I woke up at 10 pm when Laurette, Maggie, Danny, and the kids showed up and I immediately started throwing up.
I downed some kytril and I chewed some ativan so nobody could tell exactly how sick I was then when they got into my living room I told them I had pneumonia.
Laurette immediately started gathering all the blankets and piling them on me.
I said I was going to go to sleep so I would be better in the morning. The first broom hockey game was supposed to be at nine.
Well guess what? I woke up at nine feeling just as badly as the night before. Before I even rolled over I had stuck that levaquin down my throat praying it would work and I could have a decent day.
When my stomach threatened to send it back, I took another Kytril and another ativan to keep it there. When the pain from the muscle and joint aches and the breathing was too much, I took my 10 mg of oxycontin and 10 mg of oxycodone on top of that just to make sure I would be able to function for a while.
I did. I functioned long enough to go to the carnival, chill in my chair by the fire or by the game and take some pictures. I was able to talk to a couple people who I loved and missed and made plans to meet up with them later after I had my nap.
I did all this before remembering that I had to rush Lexi to B-ball practice because her pizza party was today.
Yes, I felt this terrible, took that many medications to remedy it, and I was talking care of two children. Okay, so they are 5 and 9, but damn, I think many of you out there are voting that I wasn’t even capable of taking care of myself.
I was lacking a little in the judgment department when I decided to haul ass to get Lexi to our house and to practice as quickly as possible.
Thank goodness the stars were looking out and I had not put my car in 4 wheel drive. I sent my jeep straight into one of my snow banks alongside the driveway.
I didn’t think it was a big deal, I like to take the corners fast at my house and threaten the snow banks, but this time, the snow bank won, I was stuck.
J came out with a shovel and demanded we fix this before we took Lexi to practice, but I decided I shouldn’t really be driving anyway and made for the house.
Jon and Brynn got the jeep out of the bank later with some chains while I was comfortably asleep in my bed.
I did manage to cook the meatballs and the pasta salad and get the whole buffet set up with the plates and the plasticwear, etc. before Laurette and I decided to escape for a “nap.”
Except our “nap” lasted from 3-5pm when the kids found us and decided to turn on spongebob and jump on the bed.
I decided to get up and hang out with the girls I’d invited over while I was awake, but that didn’t last so long since I was still feeling miserable.

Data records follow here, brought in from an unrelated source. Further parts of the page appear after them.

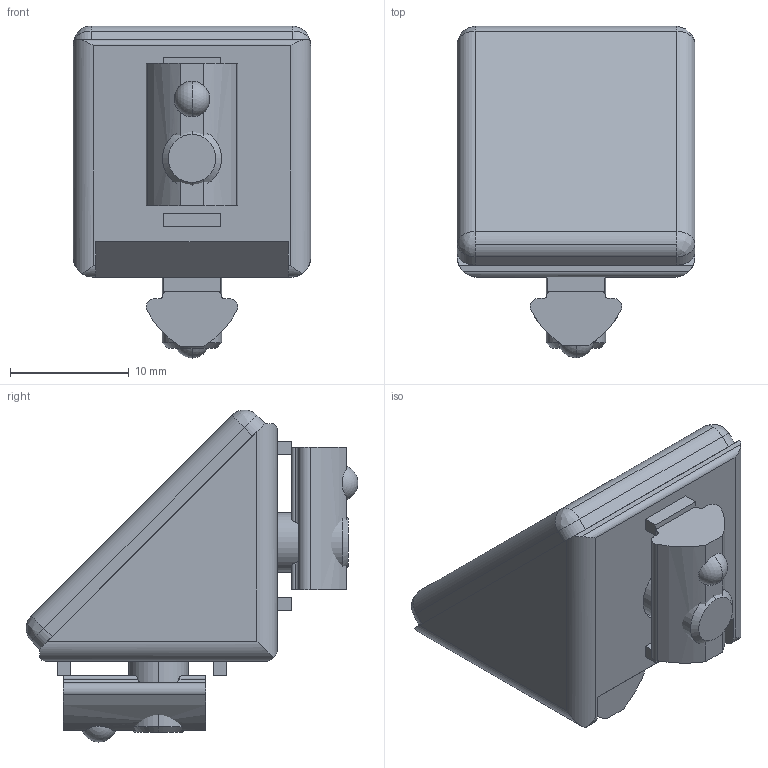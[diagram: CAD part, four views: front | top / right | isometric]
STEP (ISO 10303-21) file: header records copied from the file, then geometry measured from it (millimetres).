
FILE_DESCRIPTION (( 'STEP AP214' ), '1' );
FILE_NAME ('FIXE05E3824-Kit équerre 5 20x20 Zn.step', '2023-03-24T09:59:22', ( 'Altae' ), ( '' ), 'SwSTEP 2.0', 'SolidWorks 2021', '' );
FILE_SCHEMA (( 'AUTOMOTIVE_DESIGN' ));
Length unit declared in the file: millimetre
Products named in the file (1): FIXE05E3824-Kit équerre 5 20x20 Zn
Bounding box: 20 x 27.94 x 27.95 mm (x, y, z)
Volume: 4770.5 mm3; surface area: 5241.8 mm2
Topology: 8 solids, 8 shells, 198 faces, 503 edges, 324 vertices
Faces by surface type: plane 91, cylinder 79, cone 12, torus 8, bspline 4, sphere 4
Entity records: 8788 total; most frequent: CARTESIAN_POINT 1782, DIRECTION 981, ORIENTED_EDGE 978, EDGE_CURVE 489, AXIS2_PLACEMENT_3D 353, VERTEX_POINT 318, LINE 275, VECTOR 275

I might have given them a whole 2 hours before going back to be to pass out for the entire night.
I only woke up during the night to take the “absolutely necessary meds;” prograf, and to try to ring out my shirt from all the sweating I was doing by having my fever FINALLY break.

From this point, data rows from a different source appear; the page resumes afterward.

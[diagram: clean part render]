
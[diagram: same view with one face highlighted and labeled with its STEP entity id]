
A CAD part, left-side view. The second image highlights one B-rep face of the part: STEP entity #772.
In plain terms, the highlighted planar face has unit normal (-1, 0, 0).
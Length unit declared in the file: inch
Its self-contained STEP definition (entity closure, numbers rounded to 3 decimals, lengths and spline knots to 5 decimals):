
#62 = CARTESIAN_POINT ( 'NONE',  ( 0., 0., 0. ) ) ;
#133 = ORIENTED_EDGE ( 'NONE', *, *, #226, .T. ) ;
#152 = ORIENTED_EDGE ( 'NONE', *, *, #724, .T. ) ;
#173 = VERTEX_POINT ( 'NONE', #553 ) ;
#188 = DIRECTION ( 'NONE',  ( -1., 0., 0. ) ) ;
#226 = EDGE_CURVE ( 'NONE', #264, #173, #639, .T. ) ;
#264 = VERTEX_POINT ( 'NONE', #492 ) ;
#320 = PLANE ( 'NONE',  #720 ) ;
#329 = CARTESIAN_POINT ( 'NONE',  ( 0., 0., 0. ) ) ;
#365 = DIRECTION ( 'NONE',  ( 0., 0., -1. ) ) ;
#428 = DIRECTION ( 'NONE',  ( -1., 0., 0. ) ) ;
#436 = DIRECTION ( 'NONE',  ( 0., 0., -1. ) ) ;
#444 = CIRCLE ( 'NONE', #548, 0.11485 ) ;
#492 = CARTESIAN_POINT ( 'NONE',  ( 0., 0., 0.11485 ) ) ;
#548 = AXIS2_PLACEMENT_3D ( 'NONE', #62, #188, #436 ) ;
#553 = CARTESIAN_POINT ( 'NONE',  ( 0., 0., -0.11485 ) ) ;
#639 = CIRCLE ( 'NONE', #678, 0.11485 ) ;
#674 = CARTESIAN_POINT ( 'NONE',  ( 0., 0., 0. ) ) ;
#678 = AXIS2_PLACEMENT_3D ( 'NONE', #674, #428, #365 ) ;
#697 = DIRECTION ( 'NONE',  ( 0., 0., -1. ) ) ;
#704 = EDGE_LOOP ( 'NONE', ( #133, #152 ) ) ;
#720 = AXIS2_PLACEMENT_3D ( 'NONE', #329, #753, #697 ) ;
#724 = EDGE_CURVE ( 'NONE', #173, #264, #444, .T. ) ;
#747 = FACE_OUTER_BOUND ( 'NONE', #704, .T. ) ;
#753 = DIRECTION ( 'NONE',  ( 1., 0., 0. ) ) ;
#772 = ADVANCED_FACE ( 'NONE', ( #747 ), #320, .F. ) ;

When I rolled out of bed I knew it was to take a shower immediately because all the sick funk that had been in my body had decided to sweat it out during the night.
I needed to be clean.
I also needed to repeat the morning cocktail from yesterday since I still felt like Holy Hell and hadn’t eaten since Friday afternoon. It is now Sunday morning.
One mg of ativan, 1 mg of kytril, 10 mg of oxycontin, 10mg of oxycodone, and my levaquin got me out of bed this am, and that does not even include the standard medications I need to keep my body at a beautiful functioning homeostasis.

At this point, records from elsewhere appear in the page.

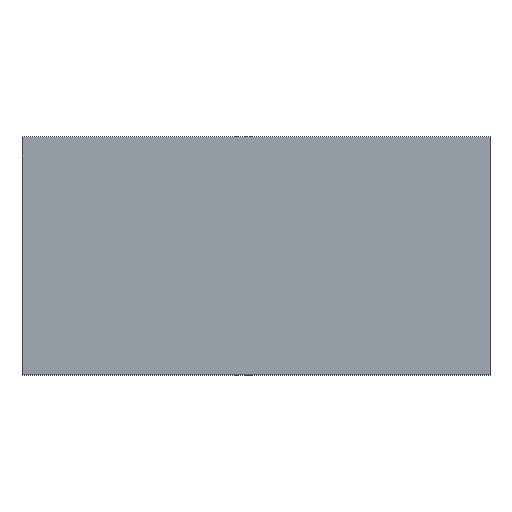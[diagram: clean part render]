
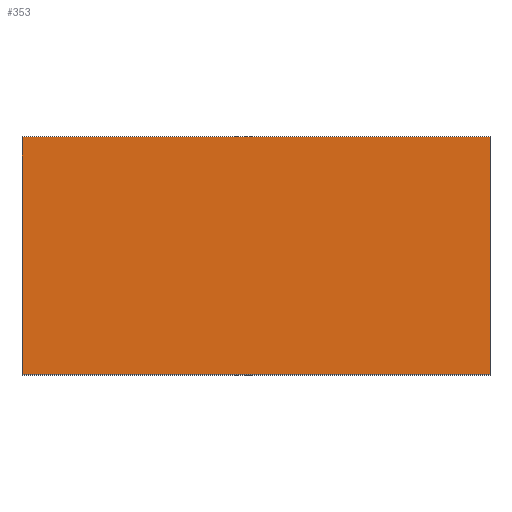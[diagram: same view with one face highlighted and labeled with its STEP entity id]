
A CAD part, top view. The second image highlights one B-rep face of the part: STEP entity #353.
In plain terms, the highlighted planar face has unit normal (0, 0, 1).
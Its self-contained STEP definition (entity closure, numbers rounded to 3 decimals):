
#39 = VERTEX_POINT('',#40);
#40 = CARTESIAN_POINT('',(-7.305,-3.56,9.78));
#47 = PLANE('',#48);
#48 = AXIS2_PLACEMENT_3D('',#49,#50,#51);
#49 = CARTESIAN_POINT('',(-7.305,-3.56,0.));
#50 = DIRECTION('',(0.,1.,0.));
#51 = DIRECTION('',(1.,0.,0.));
#59 = PLANE('',#60);
#60 = AXIS2_PLACEMENT_3D('',#61,#62,#63);
#61 = CARTESIAN_POINT('',(-7.305,1.27,0.));
#62 = DIRECTION('',(1.,0.,-0.));
#63 = DIRECTION('',(0.,-1.,0.));
#71 = EDGE_CURVE('',#39,#72,#74,.T.);
#72 = VERTEX_POINT('',#73);
#73 = CARTESIAN_POINT('',(2.225,-3.56,9.78));
#74 = SURFACE_CURVE('',#75,(#79,#86),.PCURVE_S1.);
#75 = LINE('',#76,#77);
#76 = CARTESIAN_POINT('',(-7.305,-3.56,9.78));
#77 = VECTOR('',#78,1.);
#78 = DIRECTION('',(1.,0.,0.));
#79 = PCURVE('',#47,#80);
#80 = DEFINITIONAL_REPRESENTATION('',(#81),#85);
#81 = LINE('',#82,#83);
#82 = CARTESIAN_POINT('',(0.,-9.78));
#83 = VECTOR('',#84,1.);
#84 = DIRECTION('',(1.,0.));
#85 = ( GEOMETRIC_REPRESENTATION_CONTEXT(2) 
PARAMETRIC_REPRESENTATION_CONTEXT() REPRESENTATION_CONTEXT('2D SPACE',''
  ) );
#86 = PCURVE('',#87,#92);
#87 = PLANE('',#88);
#88 = AXIS2_PLACEMENT_3D('',#89,#90,#91);
#89 = CARTESIAN_POINT('',(-2.54,-1.145,9.78));
#90 = DIRECTION('',(0.,0.,1.));
#91 = DIRECTION('',(1.,0.,0.));
#92 = DEFINITIONAL_REPRESENTATION('',(#93),#97);
#93 = LINE('',#94,#95);
#94 = CARTESIAN_POINT('',(-4.765,-2.415));
#95 = VECTOR('',#96,1.);
#96 = DIRECTION('',(1.,0.));
#97 = ( GEOMETRIC_REPRESENTATION_CONTEXT(2) 
PARAMETRIC_REPRESENTATION_CONTEXT() REPRESENTATION_CONTEXT('2D SPACE',''
  ) );
#115 = PLANE('',#116);
#116 = AXIS2_PLACEMENT_3D('',#117,#118,#119);
#117 = CARTESIAN_POINT('',(2.225,-3.56,0.));
#118 = DIRECTION('',(-1.,0.,0.));
#119 = DIRECTION('',(0.,1.,0.));
#157 = EDGE_CURVE('',#72,#158,#160,.T.);
#158 = VERTEX_POINT('',#159);
#159 = CARTESIAN_POINT('',(2.225,1.27,9.78));
#160 = SURFACE_CURVE('',#161,(#165,#172),.PCURVE_S1.);
#161 = LINE('',#162,#163);
#162 = CARTESIAN_POINT('',(2.225,-3.56,9.78));
#163 = VECTOR('',#164,1.);
#164 = DIRECTION('',(0.,1.,0.));
#165 = PCURVE('',#115,#166);
#166 = DEFINITIONAL_REPRESENTATION('',(#167),#171);
#167 = LINE('',#168,#169);
#168 = CARTESIAN_POINT('',(0.,-9.78));
#169 = VECTOR('',#170,1.);
#170 = DIRECTION('',(1.,0.));
#171 = ( GEOMETRIC_REPRESENTATION_CONTEXT(2) 
PARAMETRIC_REPRESENTATION_CONTEXT() REPRESENTATION_CONTEXT('2D SPACE',''
  ) );
#172 = PCURVE('',#87,#173);
#173 = DEFINITIONAL_REPRESENTATION('',(#174),#178);
#174 = LINE('',#175,#176);
#175 = CARTESIAN_POINT('',(4.765,-2.415));
#176 = VECTOR('',#177,1.);
#177 = DIRECTION('',(0.,1.));
#178 = ( GEOMETRIC_REPRESENTATION_CONTEXT(2) 
PARAMETRIC_REPRESENTATION_CONTEXT() REPRESENTATION_CONTEXT('2D SPACE',''
  ) );
#196 = PLANE('',#197);
#197 = AXIS2_PLACEMENT_3D('',#198,#199,#200);
#198 = CARTESIAN_POINT('',(2.225,1.27,0.));
#199 = DIRECTION('',(0.,-1.,0.));
#200 = DIRECTION('',(-1.,0.,0.));
#233 = EDGE_CURVE('',#158,#234,#236,.T.);
#234 = VERTEX_POINT('',#235);
#235 = CARTESIAN_POINT('',(-7.305,1.27,9.78));
#236 = SURFACE_CURVE('',#237,(#241,#248),.PCURVE_S1.);
#237 = LINE('',#238,#239);
#238 = CARTESIAN_POINT('',(2.225,1.27,9.78));
#239 = VECTOR('',#240,1.);
#240 = DIRECTION('',(-1.,0.,0.));
#241 = PCURVE('',#196,#242);
#242 = DEFINITIONAL_REPRESENTATION('',(#243),#247);
#243 = LINE('',#244,#245);
#244 = CARTESIAN_POINT('',(0.,-9.78));
#245 = VECTOR('',#246,1.);
#246 = DIRECTION('',(1.,0.));
#247 = ( GEOMETRIC_REPRESENTATION_CONTEXT(2) 
PARAMETRIC_REPRESENTATION_CONTEXT() REPRESENTATION_CONTEXT('2D SPACE',''
  ) );
#248 = PCURVE('',#87,#249);
#249 = DEFINITIONAL_REPRESENTATION('',(#250),#254);
#250 = LINE('',#251,#252);
#251 = CARTESIAN_POINT('',(4.765,2.415));
#252 = VECTOR('',#253,1.);
#253 = DIRECTION('',(-1.,0.));
#254 = ( GEOMETRIC_REPRESENTATION_CONTEXT(2) 
PARAMETRIC_REPRESENTATION_CONTEXT() REPRESENTATION_CONTEXT('2D SPACE',''
  ) );
#304 = EDGE_CURVE('',#234,#39,#305,.T.);
#305 = SURFACE_CURVE('',#306,(#310,#317),.PCURVE_S1.);
#306 = LINE('',#307,#308);
#307 = CARTESIAN_POINT('',(-7.305,1.27,9.78));
#308 = VECTOR('',#309,1.);
#309 = DIRECTION('',(0.,-1.,0.));
#310 = PCURVE('',#59,#311);
#311 = DEFINITIONAL_REPRESENTATION('',(#312),#316);
#312 = LINE('',#313,#314);
#313 = CARTESIAN_POINT('',(0.,-9.78));
#314 = VECTOR('',#315,1.);
#315 = DIRECTION('',(1.,0.));
#316 = ( GEOMETRIC_REPRESENTATION_CONTEXT(2) 
PARAMETRIC_REPRESENTATION_CONTEXT() REPRESENTATION_CONTEXT('2D SPACE',''
  ) );
#317 = PCURVE('',#87,#318);
#318 = DEFINITIONAL_REPRESENTATION('',(#319),#323);
#319 = LINE('',#320,#321);
#320 = CARTESIAN_POINT('',(-4.765,2.415));
#321 = VECTOR('',#322,1.);
#322 = DIRECTION('',(0.,-1.));
#323 = ( GEOMETRIC_REPRESENTATION_CONTEXT(2) 
PARAMETRIC_REPRESENTATION_CONTEXT() REPRESENTATION_CONTEXT('2D SPACE',''
  ) );
#353 = ADVANCED_FACE('',(#354),#87,.T.);
#354 = FACE_BOUND('',#355,.T.);
#355 = EDGE_LOOP('',(#356,#357,#358,#359));
#356 = ORIENTED_EDGE('',*,*,#71,.T.);
#357 = ORIENTED_EDGE('',*,*,#157,.T.);
#358 = ORIENTED_EDGE('',*,*,#233,.T.);
#359 = ORIENTED_EDGE('',*,*,#304,.T.);

These medications represent what was absolutely necessary to drag myself out of bed to spend some quality time with my friends.
These are the measures I take to have a semblance of a life, and despite being sick, I’m still happy.
I’m happy my friends that I’ve had for the past 8 years that I bonded with over rowdy night outs and weekly clubbing escapades have evolved with me to a place where I can be sick and disabled and they can now understand and love me with my limitations.
I’m a lucky girl.
No matter how much my body misbehaves and my lungs suck.